- [GOAL OF THE EXERCISE]: What lines below mention the word "sans"? Copy each one.

- [RECORDS PROVIDED]:
|---|

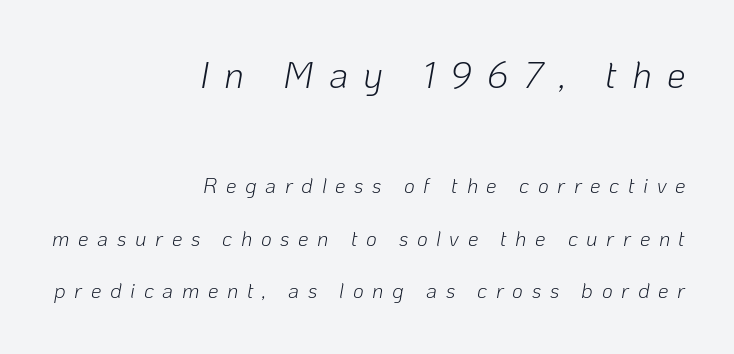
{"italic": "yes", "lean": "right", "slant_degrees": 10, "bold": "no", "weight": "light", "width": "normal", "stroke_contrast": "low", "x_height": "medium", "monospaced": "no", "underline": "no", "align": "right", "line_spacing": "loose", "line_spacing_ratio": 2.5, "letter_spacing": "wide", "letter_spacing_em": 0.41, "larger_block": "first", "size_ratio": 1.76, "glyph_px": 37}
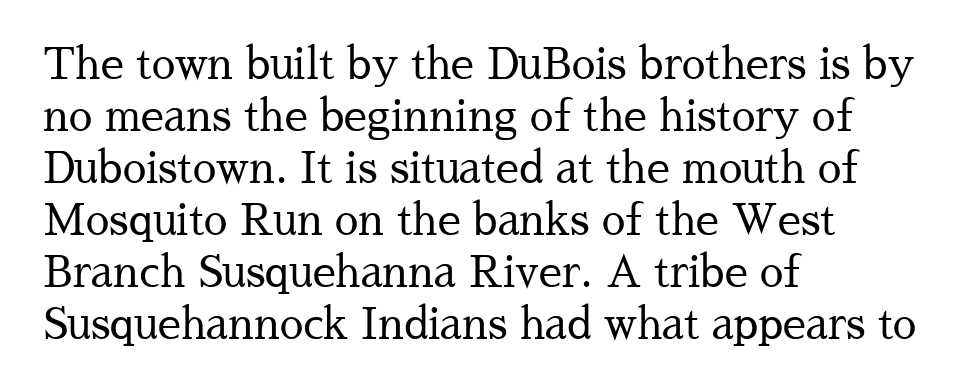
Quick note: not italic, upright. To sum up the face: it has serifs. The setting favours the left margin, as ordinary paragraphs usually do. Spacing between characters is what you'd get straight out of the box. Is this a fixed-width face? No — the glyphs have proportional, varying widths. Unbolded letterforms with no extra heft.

|---|

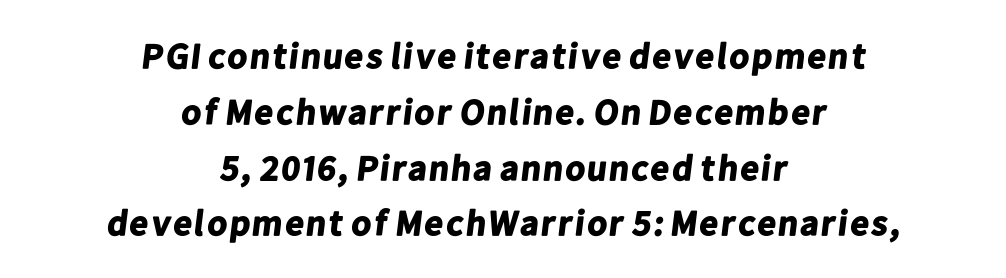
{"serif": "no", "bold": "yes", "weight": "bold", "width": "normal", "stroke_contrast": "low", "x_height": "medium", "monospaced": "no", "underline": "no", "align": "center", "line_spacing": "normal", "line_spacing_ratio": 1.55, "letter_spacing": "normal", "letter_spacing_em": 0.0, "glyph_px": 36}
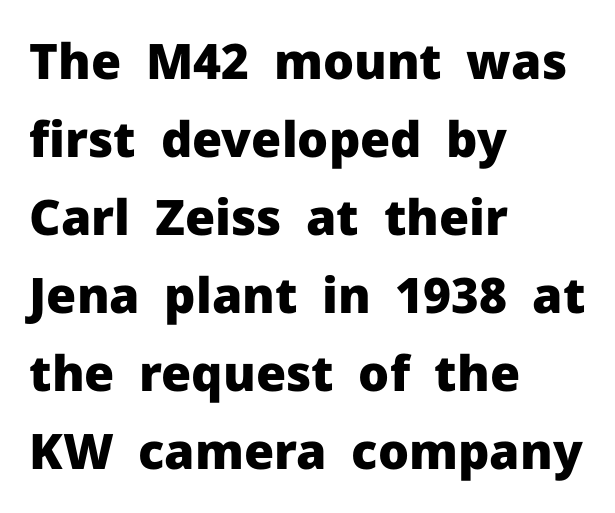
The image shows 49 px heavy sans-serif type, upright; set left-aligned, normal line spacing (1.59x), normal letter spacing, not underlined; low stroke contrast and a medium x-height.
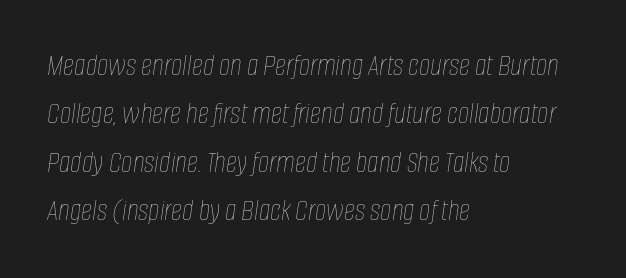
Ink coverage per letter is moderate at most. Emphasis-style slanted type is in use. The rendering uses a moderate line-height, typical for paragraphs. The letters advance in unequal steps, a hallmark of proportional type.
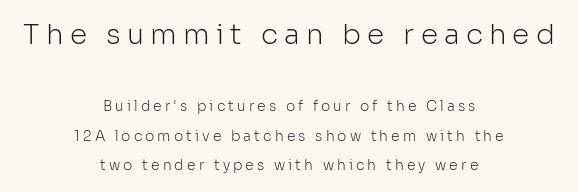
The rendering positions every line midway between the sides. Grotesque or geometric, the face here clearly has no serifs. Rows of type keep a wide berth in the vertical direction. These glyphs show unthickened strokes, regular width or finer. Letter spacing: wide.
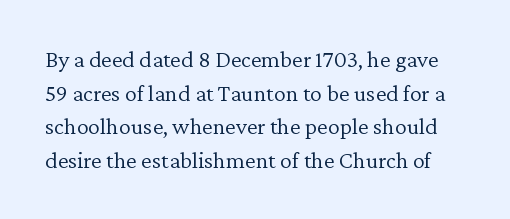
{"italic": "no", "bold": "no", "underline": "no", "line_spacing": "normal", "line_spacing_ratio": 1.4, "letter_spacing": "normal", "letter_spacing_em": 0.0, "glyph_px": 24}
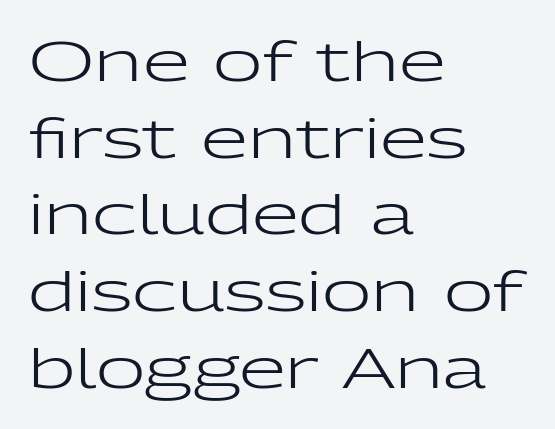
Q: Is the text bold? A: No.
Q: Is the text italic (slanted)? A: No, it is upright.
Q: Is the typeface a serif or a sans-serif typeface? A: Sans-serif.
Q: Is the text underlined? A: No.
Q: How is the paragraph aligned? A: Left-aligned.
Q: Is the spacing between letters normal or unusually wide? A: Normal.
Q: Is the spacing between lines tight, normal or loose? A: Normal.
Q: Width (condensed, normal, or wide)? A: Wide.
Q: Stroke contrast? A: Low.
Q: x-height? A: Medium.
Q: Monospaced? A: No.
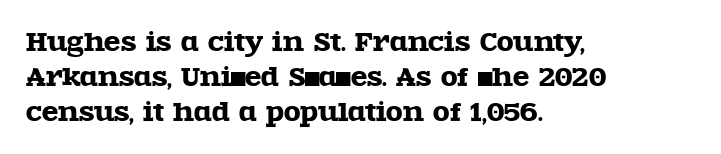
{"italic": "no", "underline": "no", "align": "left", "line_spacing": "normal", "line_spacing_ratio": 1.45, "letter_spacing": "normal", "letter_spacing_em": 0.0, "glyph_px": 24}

|---|

- [WRITTEN ANSWER]:
The image shows 49 px heavy sans-serif type, upright; set left-aligned, normal line spacing (1.59x), normal letter spacing, not underlined; low stroke contrast and a medium x-height.
Q: Is the typeface a serif or a sans-serif typeface? A: Sans-serif.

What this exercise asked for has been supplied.